Горничную нашего отеля угораздило свалиться мне на руки в глубочайшем обмороке, и мне, попав в рыцари тоже поневоле, пришлось удирать из узкого и опасного переулка, спасая не только свою собственную особу, но и волоча добрых пять пудов бесчувственного тела. Это, конечно, значительно задерживало мою рысь, и ни один галерный каторжник, я думаю, не проклинал свою тачку сильнее, чем я свою толстомясую ношу. С завистью поглядывал я на спины моих товарищей по отелю, а в особенности на спины нашего хозяина и отельной прислуги, улепётывавших налегке с быстротою скаковых лошадей. Вот, когда я практически понял значение гандикапа наших спортсменов. Наконец, дотащился и я до сада и сложил на землю свой груз… боюсь, что с меньшею бережливостью, чем требовало того истинно христианское милосердие: по крайней мере, толстомясая девица что-то уж слишком скоро пришла в чувство и стала водить вокруг себя дикими глазами, ощупывая себя: жива, мол, я, или уже на том свете? Кругом — дикое отчаяние, во всех его градусах, от обмороков до истерического хохота, от коленопреклонений и молитв до проклятий и богохульства; дети, к удивлению, вели себя лучше взрослых. Словно — в морской качке. Дети очень редко страдают от морской болезни, и часто, когда весь пароход уже обращён волею Нептуна в юдоль стенаний, рвоты и проклятий, ребята, как ни в чём не бывало, резвятся на юте. Встреча с Мальтеном послужила мне твёрдою точкой опоры в круговороте искажённых лиц и горестных звуков и спасла от возможности заразиться паникою, подавляюще царившей над садом. Кроме Мальтена, вёл себя довольно спокойно петербургский адвокат. Но его спокойствие было какое-то жуткое, фаталистическое. Он стоял без шляпы, борода его веяла по ветру, глаза горели мистическим огнём. Я окликнул его. Он вздрогнул.

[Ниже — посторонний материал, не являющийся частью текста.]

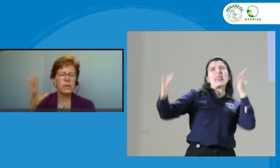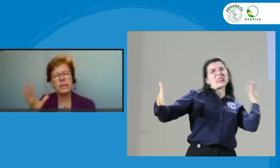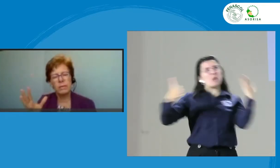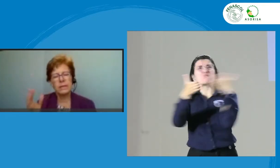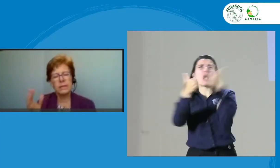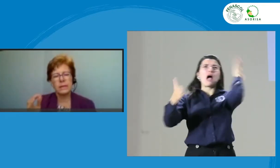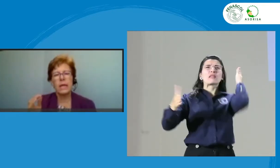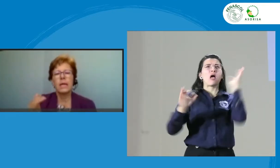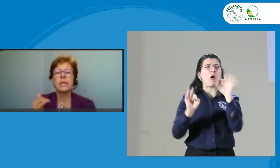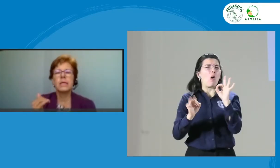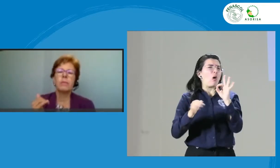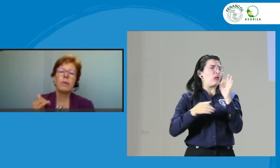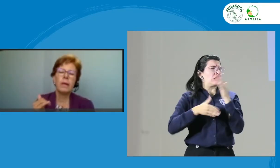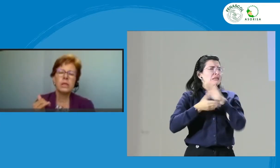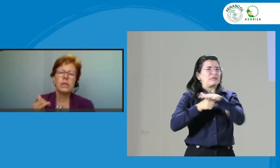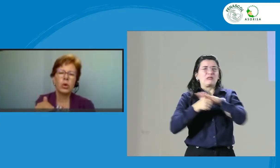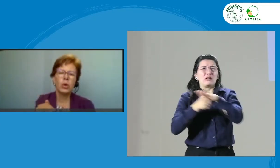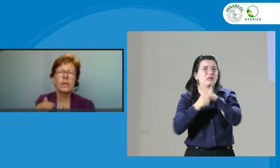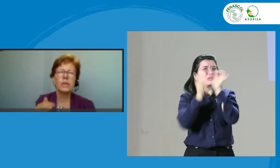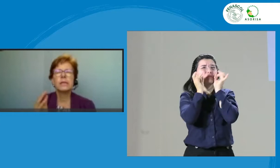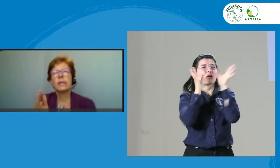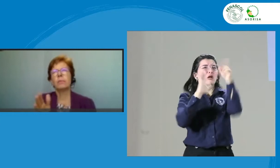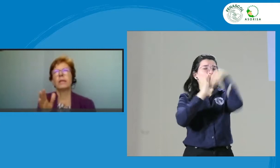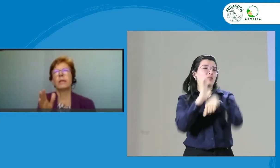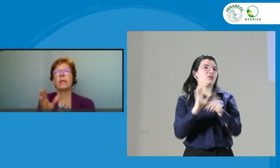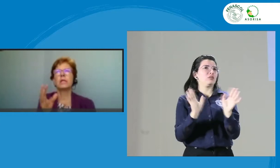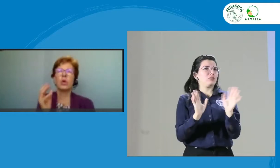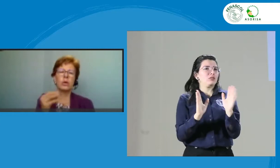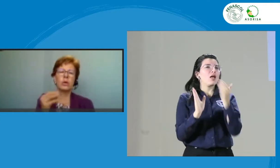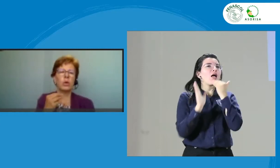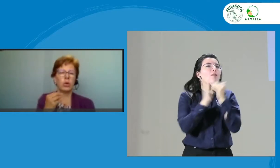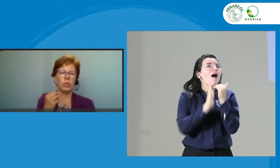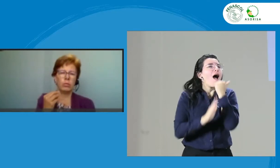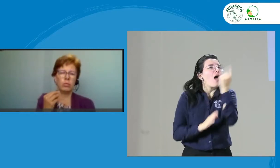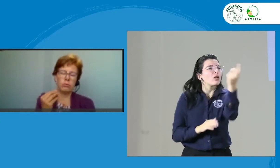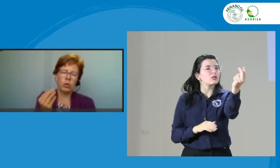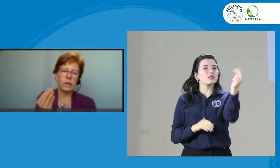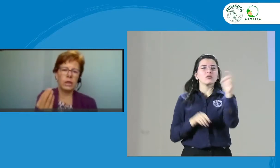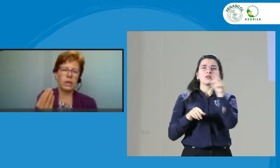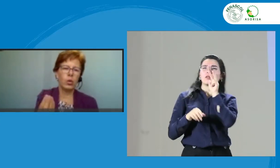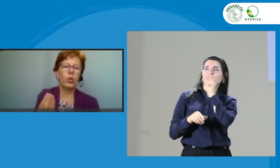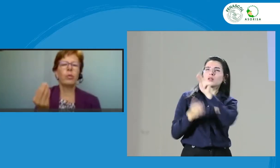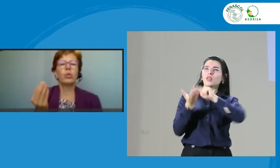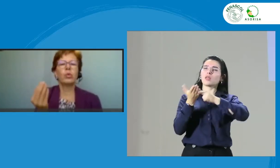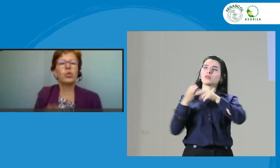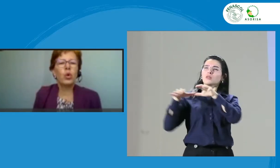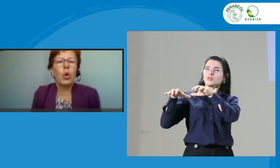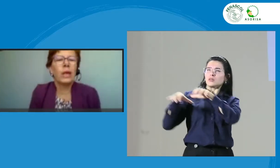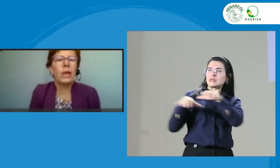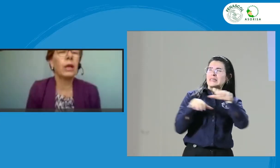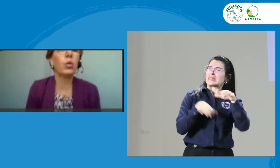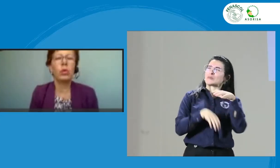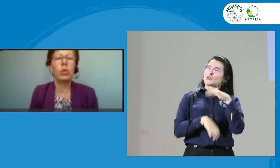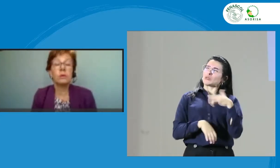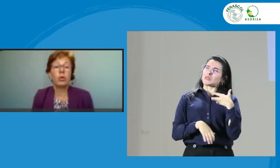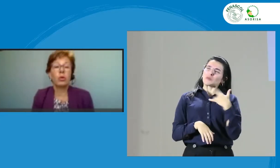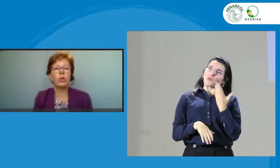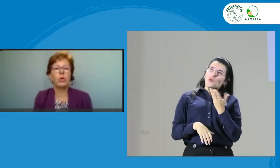inmensas. Si a mí me pareció que hoy este intérprete hizo algo que no me llenó, no me gustó, que tengo dudas por qué lo hizo,

— Как знать? — пробормотал он, сжимая мою руку, в ответ на свои мысли, — может-быть, это за меня.
— Что «за вас»?
— Страдает Константинополь.
Я дико взглянул на него:
— Никак, компатриот сошёл с ума от страха?
У него в глазах стояли слёзы.
— Друг мой, я великий грешник. Я разрушил тысячу шестьсот браков. Может быть, Бог карает Стамбул именно за то, что я здесь… за моё богомерзкое присутствие…
— Ну, — возразил я бракоразводчику, — вы уж слишком самонадеянный грешник. Землетрясения в Царьграде не было четыреста лет, и — успокойтесь — за этот срок здесь совершались деяния не вашим чета. Если город не провалился сквозь землю после разных Махмудов, Селимов, Солиманов, и как, бишь, их там ещё, то логика Немезиды не позволяет ему провалиться только потому, что его надумался посетить русский бракоразводчик, с хорошею практикою…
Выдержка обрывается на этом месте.